Könnte das ein tieferliegender Grund für die Pandemie sein? Dass wir es endlich begreifen? Ich fürchte, wir wollen alle nur raus aus diesem Albtraum und unser normales gewohntes Leben zurückhaben. Klar! Aber wie viel besser und tragfähiger könnte dieses Leben nach der Pandemie sein, wenn wir unsere Lektion lernen würden: Dass es Zeiten gibt im Leben, wo es hakt, wo wir eine Auszeit brauchen, wo etwas Neues sich anbahnt und darum Geburtsschmerzen zu ertragen sind.

Auch Jesus wollte nicht gerne leiden. „Lass diesen Kelch an mir vorübergehen“ bat er seinen himmlischen Vater unter Tränen. Und hat ihn dann doch getrunken. Wenn er es nicht getan hätte, wäre er nicht der Christus geworden, dessen Leiden Millionen von Menschen in ihrem Leiden getröstet hat und ihnen die Kraft zum Durchhalten gab, weil sie sich nicht allein fühlten an jenem Ort des Verzweifelns.

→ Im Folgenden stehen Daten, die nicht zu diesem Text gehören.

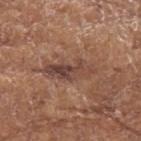Assessment: No biopsy was performed on this lesion — it was imaged during a full skin examination and was not determined to be concerning. Clinical summary: Cropped from a whole-body photographic skin survey; the tile spans about 15 mm. The lesion is located on the left forearm. Imaged with white-light lighting. A female subject in their mid- to late 70s. The lesion-visualizer software estimated an average lesion color of about L≈43 a*≈20 b*≈25 (CIELAB) and about 10 CIELAB-L* units darker than the surrounding skin. The analysis additionally found a classifier nevus-likeness of about 0/100 and a lesion-detection confidence of about 65/100. Measured at roughly 6 mm in maximum diameter.

Wir brauchen die Ermutigung dazu: Du darfst leiden, du darfst schwach sein, du musst nicht immer funktionieren. Wenn wir das von geliebten Menschen zugesprochen bekommen, kann diese Erlaubnis zu einer tiefen Transformation führen. So wie der Schriftsteller Jeff Foster es an einen lieben Freund schreibt, der seine über alles geliebte Frau verloren hatte: „Dein kostbares Herz ist jetzt so ungeschützt und blutet so sehr, mein Freund. Keine Worte können Dich trösten. Aber ich möchte, dass Du weißt: Ich bin an Deiner Seite. Du bist nicht allein an diesem uralten Ort. Trauere heute über die Veränderung der Form, über Deine geplatzten Träume, über ihre neu gefundene Freiheit. Versuche nicht, „glücklich“ darüber zu sein. Glücklich sein wäre jetzt eine Lüge für Dich. Beeile Dich auch nicht, damit Du geheilt wirst, versuche auch nicht, Dich „besser zu fühlen“. Das wird kommen. Heute ist ein Tag, um das Leid zu ehren und die Ungewissheit, die Du jetzt spürst, die Macht des Lebens in den Gefühlen zu spüren, die Du jetzt fühlst, und nicht zu glauben, dass alle Fragen beantwortet werden müssen oder dass Du in einen Raum gehen müsstest, in dem Du „schon okay“ wärst oder in dem Du „es geht schon“ sagst. Es ist vielmehr okay, dass Du Dich gerade gar nicht okay fühlst. Unser Herzen sind jetzt bei Dir, alle diejenigen von uns, die geliebt und verloren haben und ihre Illusionen loslassen mussten. Wir sind viele. Dies ist ein uralter Übergang, kein Fehler, keine Strafe…“

(Jeff Foster, Umarme Dein Leben, wie es ist, 2018)

Ich wünsche uns einen ehrlichen Karfreitag – und eine Umarmung unseres ganzen Lebens, die trägt!